» **Supplied data**
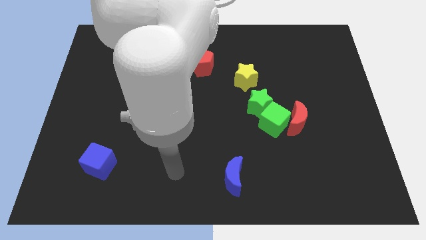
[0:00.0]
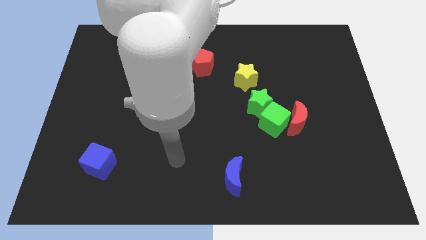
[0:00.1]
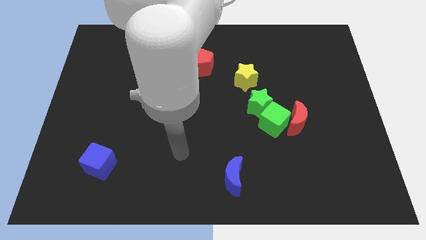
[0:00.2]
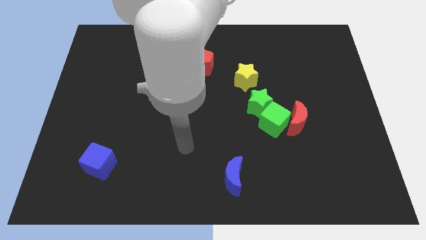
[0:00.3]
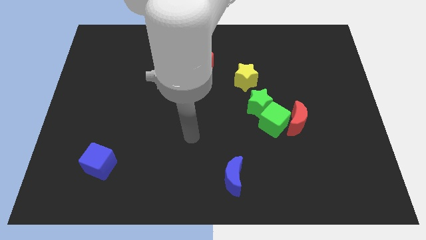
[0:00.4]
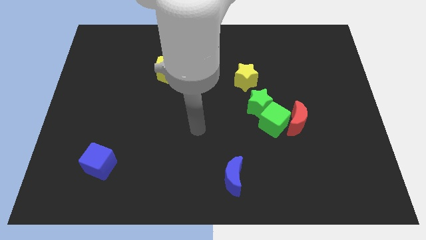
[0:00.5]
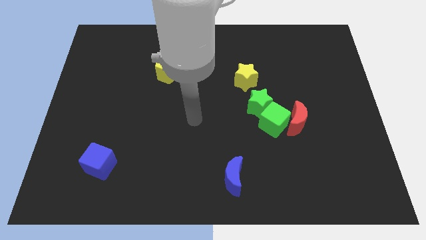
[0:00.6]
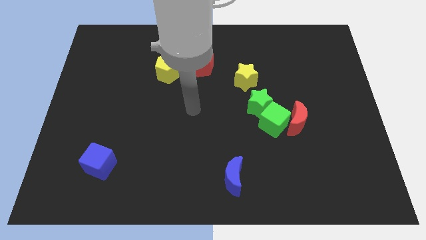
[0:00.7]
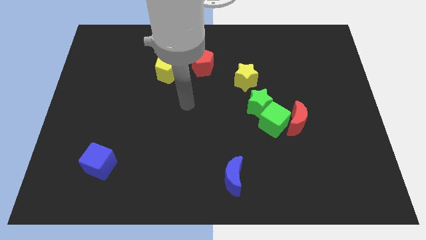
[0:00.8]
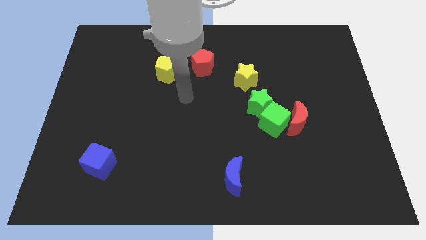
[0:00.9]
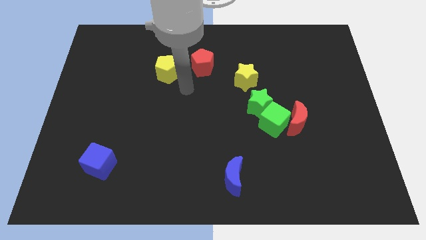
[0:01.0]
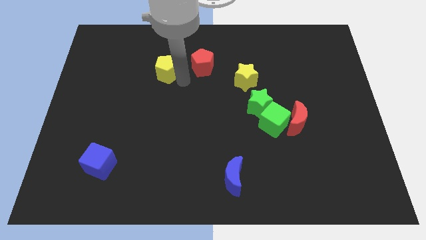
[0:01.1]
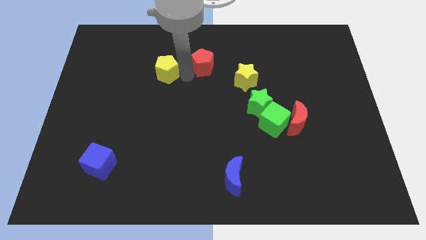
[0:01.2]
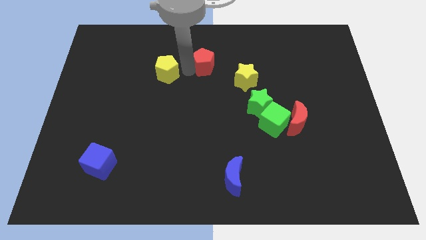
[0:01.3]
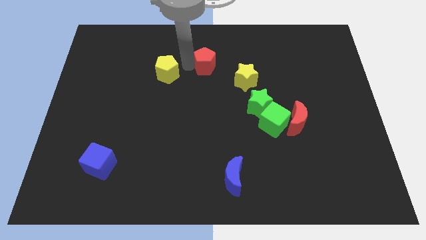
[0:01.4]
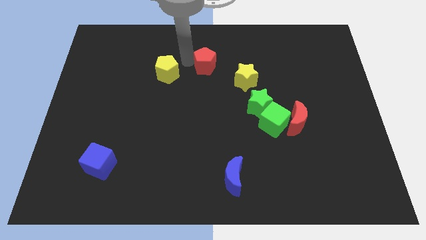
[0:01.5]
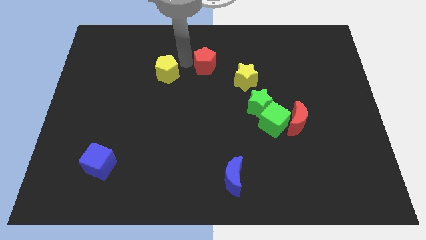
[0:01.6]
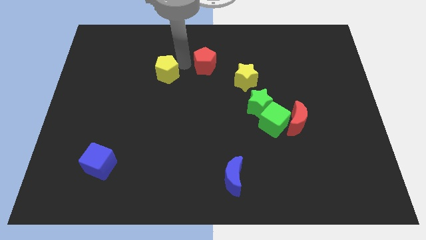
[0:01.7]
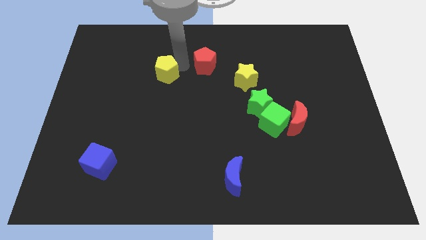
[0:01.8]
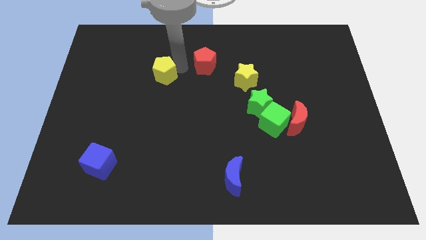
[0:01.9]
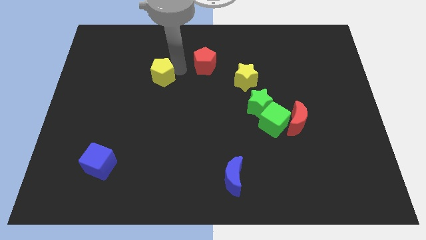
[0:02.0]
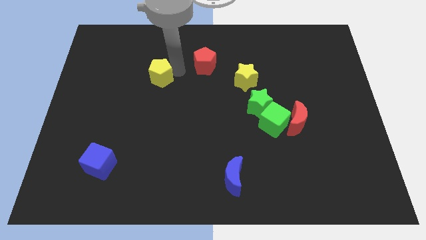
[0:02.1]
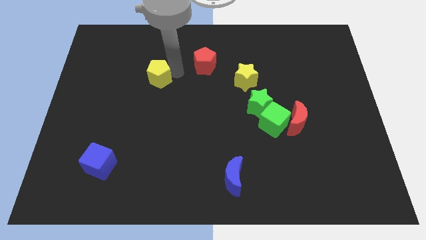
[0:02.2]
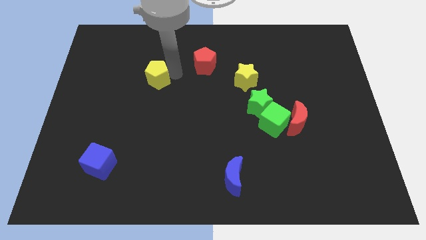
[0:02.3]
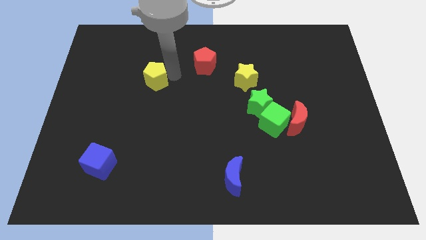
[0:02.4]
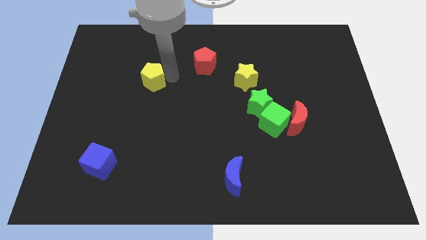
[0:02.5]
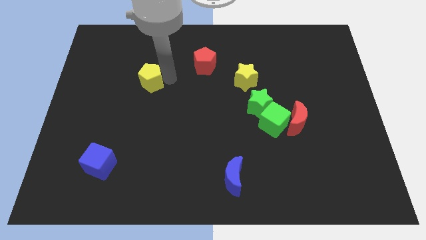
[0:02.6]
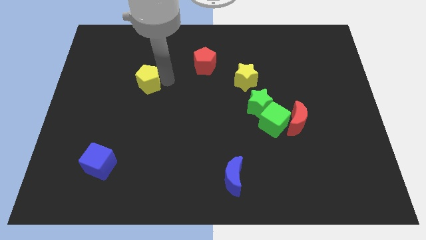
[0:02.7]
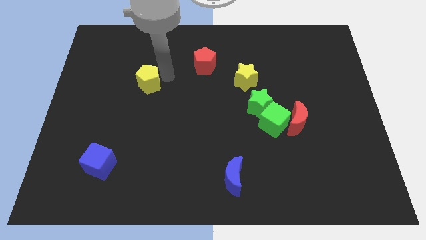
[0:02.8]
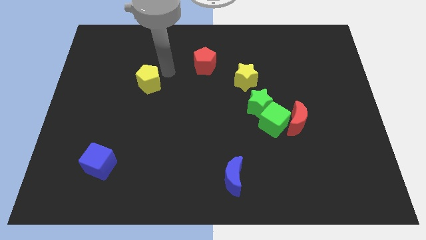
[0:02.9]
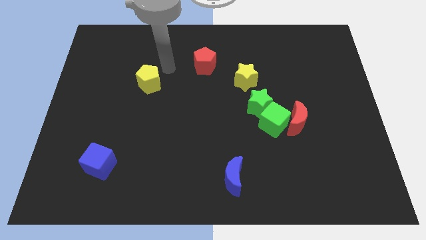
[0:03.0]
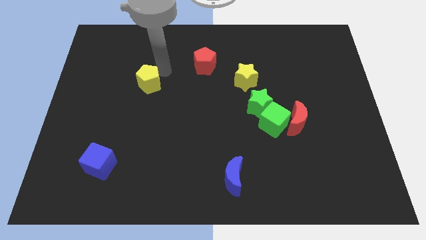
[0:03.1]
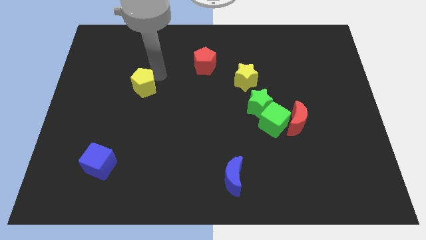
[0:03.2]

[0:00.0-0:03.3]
move the yellow pentagon down and to the left slightly

» **What you have to do**
Aside from the pictures, copy all of the entries exactly.

» **Answer section**
[0:00.0]
[0:00.1]
[0:00.2]
[0:00.3]
[0:00.4]
[0:00.5]
[0:00.6]
[0:00.7]
[0:00.8]
[0:00.9]
[0:01.0]
[0:01.1]
[0:01.2]
[0:01.3]
[0:01.4]
[0:01.5]
[0:01.6]
[0:01.7]
[0:01.8]
[0:01.9]
[0:02.0]
[0:02.1]
[0:02.2]
[0:02.3]
[0:02.4]
[0:02.5]
[0:02.6]
[0:02.7]
[0:02.8]
[0:02.9]
[0:03.0]
[0:03.1]
[0:03.2]

[0:00.0-0:03.3]
move the yellow pentagon down and to the left slightly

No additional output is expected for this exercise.